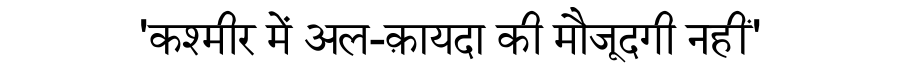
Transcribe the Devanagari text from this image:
'कश्मीर में अल-क़ायदा की मौजूदगी नहीं'
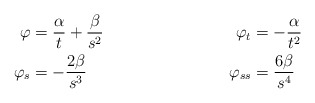
\begin{align*} \varphi &= \frac{\alpha}{t}+\frac{\beta}{s^2} & \varphi_t &= -\frac{\alpha}{t^2}\\\varphi_s &= -\frac{2\beta}{s^3} & \varphi_{ss} &= \frac{6\beta}{s^4}\end{align*}
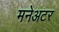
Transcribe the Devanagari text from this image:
मनेअटर
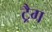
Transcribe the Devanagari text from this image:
ट्रैग
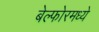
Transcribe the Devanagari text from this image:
बेल्फोरमध्ये
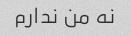
نه من ندارم
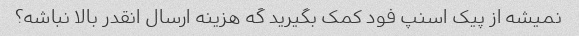
نمیشه از پیک اسنپ فود کمک بگیرید گه هزینه ارسال انقدر بالا نباشه؟
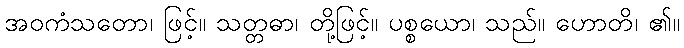
အဝကံသတော၊ ဖြင့်။ သတ္တဓာ၊ တို့ဖြင့်။ ပစ္စယော၊ သည်။ ဟောတိ၊ ၏။
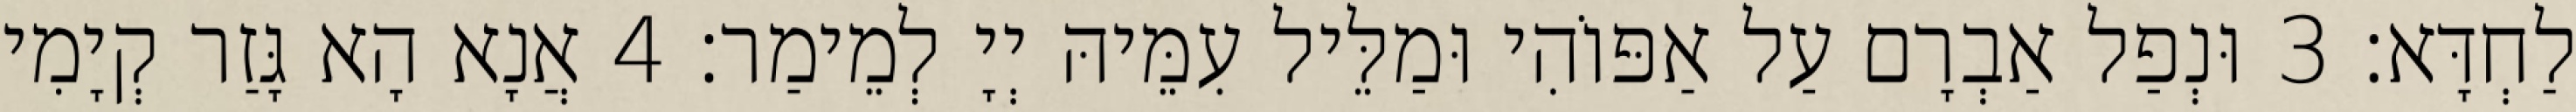
לַחְדָּא׃ 3 וּנְפַל אַבְרָם עַל אַפּוֹהִי וּמַלֵּיל עִמֵּיהּ יְיָ לְמֵימַר׃ 4 אֲנָא הָא גָּזַר קְיָמִי
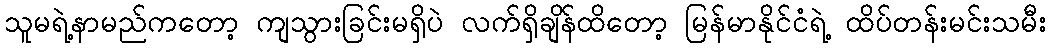
သူမရဲ့နာမည်ကတော့ ကျသွားခြင်းမရှိပဲ လက်ရှိချိန်ထိတော့ မြန်မာနိုင်ငံရဲ့ ထိပ်တန်းမင်းသမီး
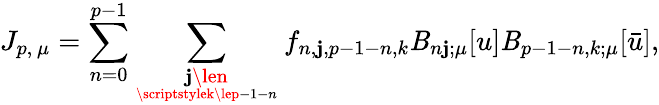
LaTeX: J_{p,\, \mu}=\sum_{n=0}^{p-1}\sum_{{\scriptstyle\mathbf{j}\len}\atop{\scriptstylek\lep-1-n}}f_{n,\mathbf{j},p-1-n,k}\mathit{B}_{n\mathbf{j};\mu}[u]\mathit{B}_{p-1-n,k;\mu}[\bar{{u}}],

=-=-=

Copy out the material above exactly; the images stay out.

→ Answer to this task
Transcribe the Devanagari text from this image:
'कश्मीर में अल-क़ायदा की मौजूदगी नहीं'
\begin{align*} \varphi &= \frac{\alpha}{t}+\frac{\beta}{s^2} & \varphi_t &= -\frac{\alpha}{t^2}\\\varphi_s &= -\frac{2\beta}{s^3} & \varphi_{ss} &= \frac{6\beta}{s^4}\end{align*}
Transcribe the Devanagari text from this image:
मनेअटर
Transcribe the Devanagari text from this image:
ट्रैग
Transcribe the Devanagari text from this image:
बेल्फोरमध्ये
نه من ندارم
نمیشه از پیک اسنپ فود کمک بگیرید گه هزینه ارسال انقدر بالا نباشه؟
အဝကံသတော၊ ဖြင့်။ သတ္တဓာ၊ တို့ဖြင့်။ ပစ္စယော၊ သည်။ ဟောတိ၊ ၏။
לַחְדָּא׃ 3 וּנְפַל אַבְרָם עַל אַפּוֹהִי וּמַלֵּיל עִמֵּיהּ יְיָ לְמֵימַר׃ 4 אֲנָא הָא גָּזַר קְיָמִי
သူမရဲ့နာမည်ကတော့ ကျသွားခြင်းမရှိပဲ လက်ရှိချိန်ထိတော့ မြန်မာနိုင်ငံရဲ့ ထိပ်တန်းမင်းသမီး
LaTeX: J_{p,\, \mu}=\sum_{n=0}^{p-1}\sum_{{\scriptstyle\mathbf{j}\len}\atop{\scriptstylek\lep-1-n}}f_{n,\mathbf{j},p-1-n,k}\mathit{B}_{n\mathbf{j};\mu}[u]\mathit{B}_{p-1-n,k;\mu}[\bar{{u}}],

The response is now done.